“好,我知道了。”來人說完,轉身出門了,等這人回來的時候,就告訴了周安,和李主任相約的時間地點。
等周安和李主任見面的時候,足實把老李同志驚著了。
當他知道周安要請他當服裝廠的廠長時,他簡直不相信。
可是想到周安開服裝廠的設備是從自己廠子里當廢鐵買走的,氣的他大罵周安是國家的竊賊。
那傾盆大雨自然再次在周安的臉降臨。
沒辦法,周安只能帶點威脅的說了,你去當廠長,這些設備還能在你照顧下得到它應有的價值。
要是讓他周安自己管理服裝廠,說不定這些設備就會被他糟蹋了,最后真的成了廢鐵。
周安這話讓李主任氣的牙根癢癢,卻又拿他沒辦法。
見老李頭這樣,周安繼續說道。
“李大伯,您現在也不是成衣廠的員工了,我也知道您對這個廠子有感情,也知道您和那些領導不對付。
但現在您不是退休了嗎,您總該為自己的老婆孩子著想吧
您去我的廠子里,大有作為啊,也讓那些瞧不起你的人看看。
你李主任離開了廠子,依然活的很光鮮,而且比他們還滋潤。
只要你去我的廠里班,我給你開600塊一個月,而且我提前把工資給您結算了。
我知道您現在急需要錢,拿著這600塊,還能買不到自行車還能買不起縫紉機,給她200塊彩禮又如何,等下個月,您又能拿600塊的工資了,還在乎這點錢”
說了這么一大堆,周安都嘔心自己,他感覺自己就是電視劇里的反面人物,賊拉拉的壞蛋一枚。
老李主任對周安提出的豐厚工資不屑一顧,可是他也并沒有當場離去。
糾結了半天,最后老頭無奈的向周安低頭了。
不
他不是向周安低頭,他這是向自己的子女低頭。
這個在職場很有原則的老工人,到了子女這塊,不得不低下他堅挺的脊梁。
不過,周安依然覺得他是最純潔的人
轉眼間一個月就過去了,這個時候的天氣已經慢慢轉涼了,關小關給周安買的那件外套就正適合時下穿戴。

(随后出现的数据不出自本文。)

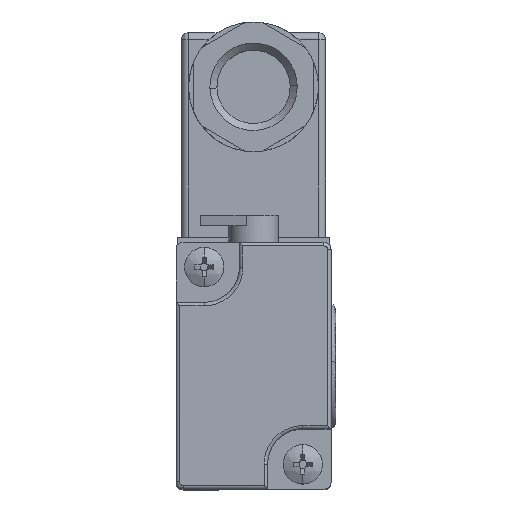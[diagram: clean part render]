
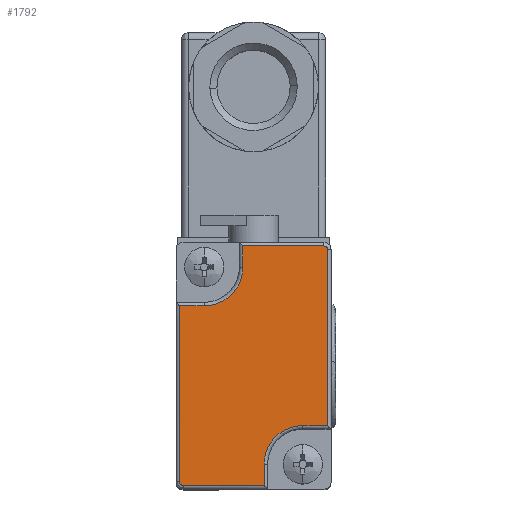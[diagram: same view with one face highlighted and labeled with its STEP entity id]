
A CAD part, top view. The second image highlights one B-rep face of the part: STEP entity #1792.
In plain terms, the highlighted planar face has unit normal (0, 0, 1).
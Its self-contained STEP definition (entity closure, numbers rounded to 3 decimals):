
#110 = EDGE_CURVE ( 'NONE', #6755, #7526, #1449, .T. ) ;
#444 = VERTEX_POINT ( 'NONE', #831 ) ;
#831 = CARTESIAN_POINT ( 'NONE',  ( -33.361, 56.701, 17.581 ) ) ;
#1034 = VECTOR ( 'NONE', #5703, 1000. ) ;
#1120 = CARTESIAN_POINT ( 'NONE',  ( -42.361, 26.201, 17.581 ) ) ;
#1133 = CARTESIAN_POINT ( 'NONE',  ( -33.568, 57.201, 17.581 ) ) ;
#1199 = CARTESIAN_POINT ( 'NONE',  ( -33.361, 40.201, 17.581 ) ) ;
#1444 = VERTEX_POINT ( 'NONE', #13698 ) ;
#1449 = LINE ( 'NONE', #5970, #13159 ) ;
#1637 = ORIENTED_EDGE ( 'NONE', *, *, #5729, .F. ) ;
#1677 = CARTESIAN_POINT ( 'NONE',  ( -54.361, 23.701, 17.581 ) ) ;
#1792 = ADVANCED_FACE ( 'NONE', ( #12409 ), #7834, .F. ) ;
#1964 = LINE ( 'NONE', #13711, #7288 ) ;
#2276 = DIRECTION ( 'NONE',  ( 0., -1., 0. ) ) ;
#2493 = VERTEX_POINT ( 'NONE', #10169 ) ;
#2836 = ORIENTED_EDGE ( 'NONE', *, *, #13436, .F. ) ;
#3159 = VECTOR ( 'NONE', #14164, 1000. ) ;
#3195 =( BOUNDED_CURVE ( )  B_SPLINE_CURVE ( 3, ( #9034, #1133, #3398, #11334 ),
 .UNSPECIFIED., .F., .F. ) 
 B_SPLINE_CURVE_WITH_KNOTS ( ( 4, 4 ),
 ( 0., 1. ),
 .UNSPECIFIED. ) 
 CURVE ( )  GEOMETRIC_REPRESENTATION_ITEM ( )  RATIONAL_B_SPLINE_CURVE ( ( 1., 0.805, 0.805, 1. ) ) 
 REPRESENTATION_ITEM ( '' )  );
#3297 = VECTOR ( 'NONE', #5974, 1000. ) ;
#3398 = CARTESIAN_POINT ( 'NONE',  ( -33.361, 56.994, 17.581 ) ) ;
#3619 = CARTESIAN_POINT ( 'NONE',  ( -50.861, 48.701, 17.581 ) ) ;
#3655 = LINE ( 'NONE', #5931, #3297 ) ;
#3667 = CARTESIAN_POINT ( 'NONE',  ( -33.361, 31.701, 17.581 ) ) ;
#3714 = EDGE_CURVE ( 'NONE', #14055, #4393, #12674, .T. ) ;
#4064 = ORIENTED_EDGE ( 'NONE', *, *, #13528, .F. ) ;
#4393 = VERTEX_POINT ( 'NONE', #4695 ) ;
#4401 = CARTESIAN_POINT ( 'NONE',  ( -43.861, 40.201, 17.581 ) ) ;
#4465 = CARTESIAN_POINT ( 'NONE',  ( -40.082, 31.701, 17.581 ) ) ;
#4675 = CARTESIAN_POINT ( 'NONE',  ( -45.361, 54.201, 17.581 ) ) ;
#4695 = CARTESIAN_POINT ( 'NONE',  ( -54.361, 48.701, 17.581 ) ) ;
#4759 = CARTESIAN_POINT ( 'NONE',  ( -45.361, 50.979, 17.581 ) ) ;
#5024 = CARTESIAN_POINT ( 'NONE',  ( -54.154, 23.201, 17.581 ) ) ;
#5358 = ORIENTED_EDGE ( 'NONE', *, *, #9460, .F. ) ;
#5625 = CARTESIAN_POINT ( 'NONE',  ( -42.361, 23.201, 17.581 ) ) ;
#5703 = DIRECTION ( 'NONE',  ( 0., -1., 0. ) ) ;
#5729 = EDGE_CURVE ( 'NONE', #11703, #10609, #1964, .T. ) ;
#5769 = VECTOR ( 'NONE', #12742, 1000. ) ;
#5900 = DIRECTION ( 'NONE',  ( 0., 1., 0. ) ) ;
#5931 = CARTESIAN_POINT ( 'NONE',  ( -43.861, 48.701, 17.581 ) ) ;
#5970 = CARTESIAN_POINT ( 'NONE',  ( -45.361, 40.201, 17.581 ) ) ;
#5974 = DIRECTION ( 'NONE',  ( 1., 0., 0. ) ) ;
#6013 = CARTESIAN_POINT ( 'NONE',  ( -54.361, 40.201, 17.581 ) ) ;
#6191 = CARTESIAN_POINT ( 'NONE',  ( -53.861, 23.201, 17.581 ) ) ;
#6218 = CARTESIAN_POINT ( 'NONE',  ( -33.861, 57.201, 17.581 ) ) ;
#6351 = LINE ( 'NONE', #12703, #12035 ) ;
#6684 = EDGE_LOOP ( 'NONE', ( #10783, #11368, #5358, #1637, #14285, #11363, #2836, #10091, #4064, #8943, #9804, #9910 ) ) ;
#6755 = VERTEX_POINT ( 'NONE', #4675 ) ;
#6758 =( BOUNDED_CURVE ( )  B_SPLINE_CURVE ( 3, ( #6769, #4465, #7898, #1120 ),
 .UNSPECIFIED., .F., .T. ) 
 B_SPLINE_CURVE_WITH_KNOTS ( ( 4, 4 ),
 ( 0., 1. ),
 .UNSPECIFIED. ) 
 CURVE ( )  GEOMETRIC_REPRESENTATION_ITEM ( )  RATIONAL_B_SPLINE_CURVE ( ( 1., 0.805, 0.805, 1. ) ) 
 REPRESENTATION_ITEM ( '' )  );
#6769 = CARTESIAN_POINT ( 'NONE',  ( -36.861, 31.701, 17.581 ) ) ;
#6883 = DIRECTION ( 'NONE',  ( -1., 0., 0. ) ) ;
#6977 = CARTESIAN_POINT ( 'NONE',  ( -54.361, 23.701, 17.581 ) ) ;
#6991 = VERTEX_POINT ( 'NONE', #12975 ) ;
#7065 = LINE ( 'NONE', #1199, #1034 ) ;
#7080 = CARTESIAN_POINT ( 'NONE',  ( -43.861, 23.201, 17.581 ) ) ;
#7288 = VECTOR ( 'NONE', #2276, 1000. ) ;
#7307 = CARTESIAN_POINT ( 'NONE',  ( -36.861, 31.701, 17.581 ) ) ;
#7447 = VERTEX_POINT ( 'NONE', #3667 ) ;
#7526 = VERTEX_POINT ( 'NONE', #14518 ) ;
#7834 = PLANE ( 'NONE',  #13642 ) ;
#7898 = CARTESIAN_POINT ( 'NONE',  ( -42.361, 29.423, 17.581 ) ) ;
#7982 = DIRECTION ( 'NONE',  ( 0., 0., -1. ) ) ;
#8109 = VERTEX_POINT ( 'NONE', #6218 ) ;
#8141 = EDGE_CURVE ( 'NONE', #4393, #2493, #3655, .T. ) ;
#8449 = CARTESIAN_POINT ( 'NONE',  ( -54.361, 23.408, 17.581 ) ) ;
#8733 =( BOUNDED_CURVE ( )  B_SPLINE_CURVE ( 3, ( #6191, #5024, #8449, #1677 ),
 .UNSPECIFIED., .F., .F. ) 
 B_SPLINE_CURVE_WITH_KNOTS ( ( 4, 4 ),
 ( 0., 1. ),
 .UNSPECIFIED. ) 
 CURVE ( )  GEOMETRIC_REPRESENTATION_ITEM ( )  RATIONAL_B_SPLINE_CURVE ( ( 1., 0.805, 0.805, 1. ) ) 
 REPRESENTATION_ITEM ( '' )  );
#8943 = ORIENTED_EDGE ( 'NONE', *, *, #110, .F. ) ;
#9034 = CARTESIAN_POINT ( 'NONE',  ( -33.861, 57.201, 17.581 ) ) ;
#9460 = EDGE_CURVE ( 'NONE', #10609, #1444, #14415, .T. ) ;
#9618 = VECTOR ( 'NONE', #11675, 1000. ) ;
#9804 = ORIENTED_EDGE ( 'NONE', *, *, #14514, .F. ) ;
#9910 = ORIENTED_EDGE ( 'NONE', *, *, #8141, .F. ) ;
#10091 = ORIENTED_EDGE ( 'NONE', *, *, #10617, .F. ) ;
#10169 = CARTESIAN_POINT ( 'NONE',  ( -50.861, 48.701, 17.581 ) ) ;
#10276 =( BOUNDED_CURVE ( )  B_SPLINE_CURVE ( 3, ( #3619, #10418, #4759, #12722 ),
 .UNSPECIFIED., .F., .F. ) 
 B_SPLINE_CURVE_WITH_KNOTS ( ( 4, 4 ),
 ( 0., 1. ),
 .UNSPECIFIED. ) 
 CURVE ( )  GEOMETRIC_REPRESENTATION_ITEM ( )  RATIONAL_B_SPLINE_CURVE ( ( 1., 0.805, 0.805, 1. ) ) 
 REPRESENTATION_ITEM ( '' )  );
#10418 = CARTESIAN_POINT ( 'NONE',  ( -47.639, 48.701, 17.581 ) ) ;
#10609 = VERTEX_POINT ( 'NONE', #5625 ) ;
#10617 = EDGE_CURVE ( 'NONE', #8109, #444, #3195, .T. ) ;
#10783 = ORIENTED_EDGE ( 'NONE', *, *, #3714, .F. ) ;
#11334 = CARTESIAN_POINT ( 'NONE',  ( -33.361, 56.701, 17.581 ) ) ;
#11363 = ORIENTED_EDGE ( 'NONE', *, *, #13170, .F. ) ;
#11368 = ORIENTED_EDGE ( 'NONE', *, *, #14099, .F. ) ;
#11675 = DIRECTION ( 'NONE',  ( 0., 1., 0. ) ) ;
#11703 = VERTEX_POINT ( 'NONE', #14538 ) ;
#12035 = VECTOR ( 'NONE', #13810, 1000. ) ;
#12231 = LINE ( 'NONE', #7307, #3159 ) ;
#12409 = FACE_OUTER_BOUND ( 'NONE', #6684, .T. ) ;
#12674 = LINE ( 'NONE', #6013, #9618 ) ;
#12703 = CARTESIAN_POINT ( 'NONE',  ( -43.861, 57.201, 17.581 ) ) ;
#12722 = CARTESIAN_POINT ( 'NONE',  ( -45.361, 54.201, 17.581 ) ) ;
#12742 = DIRECTION ( 'NONE',  ( -1., 0., 0. ) ) ;
#12894 = EDGE_CURVE ( 'NONE', #6991, #11703, #6758, .T. ) ;
#12975 = CARTESIAN_POINT ( 'NONE',  ( -36.861, 31.701, 17.581 ) ) ;
#13159 = VECTOR ( 'NONE', #5900, 1000. ) ;
#13170 = EDGE_CURVE ( 'NONE', #7447, #6991, #12231, .T. ) ;
#13436 = EDGE_CURVE ( 'NONE', #444, #7447, #7065, .T. ) ;
#13528 = EDGE_CURVE ( 'NONE', #7526, #8109, #6351, .T. ) ;
#13642 = AXIS2_PLACEMENT_3D ( 'NONE', #4401, #7982, #6883 ) ;
#13698 = CARTESIAN_POINT ( 'NONE',  ( -53.861, 23.201, 17.581 ) ) ;
#13711 = CARTESIAN_POINT ( 'NONE',  ( -42.361, 40.201, 17.581 ) ) ;
#13810 = DIRECTION ( 'NONE',  ( 1., 0., 0. ) ) ;
#14055 = VERTEX_POINT ( 'NONE', #6977 ) ;
#14099 = EDGE_CURVE ( 'NONE', #1444, #14055, #8733, .T. ) ;
#14164 = DIRECTION ( 'NONE',  ( -1., 0., 0. ) ) ;
#14285 = ORIENTED_EDGE ( 'NONE', *, *, #12894, .F. ) ;
#14415 = LINE ( 'NONE', #7080, #5769 ) ;
#14514 = EDGE_CURVE ( 'NONE', #2493, #6755, #10276, .T. ) ;
#14518 = CARTESIAN_POINT ( 'NONE',  ( -45.361, 57.201, 17.581 ) ) ;
#14538 = CARTESIAN_POINT ( 'NONE',  ( -42.361, 26.201, 17.581 ) ) ;

這段時間周安就一直往下邊的村子跑,沒辦法,他得催著楊書記把廠房建起來。
這個時候,國家最大的土地變革已經發生在農村,而小清河就在皇城根下,自然比其他地方實行的早一點。
這個土地改革就是集體生產到承包到戶的改變。
這一改變在中國經濟高增長中扮演著發動機的角色。
因為土地制度的改革促進了經濟權利的開放,因而成為激發經濟活力的重要制度力量。
這個時候小清河的村子里已經有人開始偷偷養豬了,街的小商販也要比原來多了。
因為這些勞動力的解放,才有人給周安的廠房添磚加瓦。
老百姓從周安這里掙錢,那周安就要從口袋里掏錢。
最近一段時間,周安的錢可是出去不少啊。
就成衣廠那邊,周安就掏了一萬五千元錢,這是他在那里花的全部金額。
但那些“廢鐵”購買的明賬卻不是這么多,差不多也就一半吧。
其它錢去了誰的口袋,那就不是周安操心的事了。
為了發動老李的積極性,周安還讓老李一起去鄉下看看廠房的進度,還讓老李提出寶貴意見。
畢竟廠房內,設備怎么擺放,哪里需要電源等等,這些老李都比周安有經驗。
李老頭已經在兒子結婚前,把他的工作安排好,讓兒子進廠頂班了。
現在他正好沒什么煩心事,整個身心的已經是周安的員工了。
不,是廠長。
原本像周安這樣沒有素質的年輕人,就算給他當廠長了,老李也不會給周安好臉色。
可是在和周安接觸下,感覺周安這人也不是一無是處。
再加楊書記一直夸周安是如何如何的好,是個辦實事的好青年,老李也逐漸對周安有所改觀。
但是他面子放不下,依然是一張臭臉給周安,讓周安苦笑不已。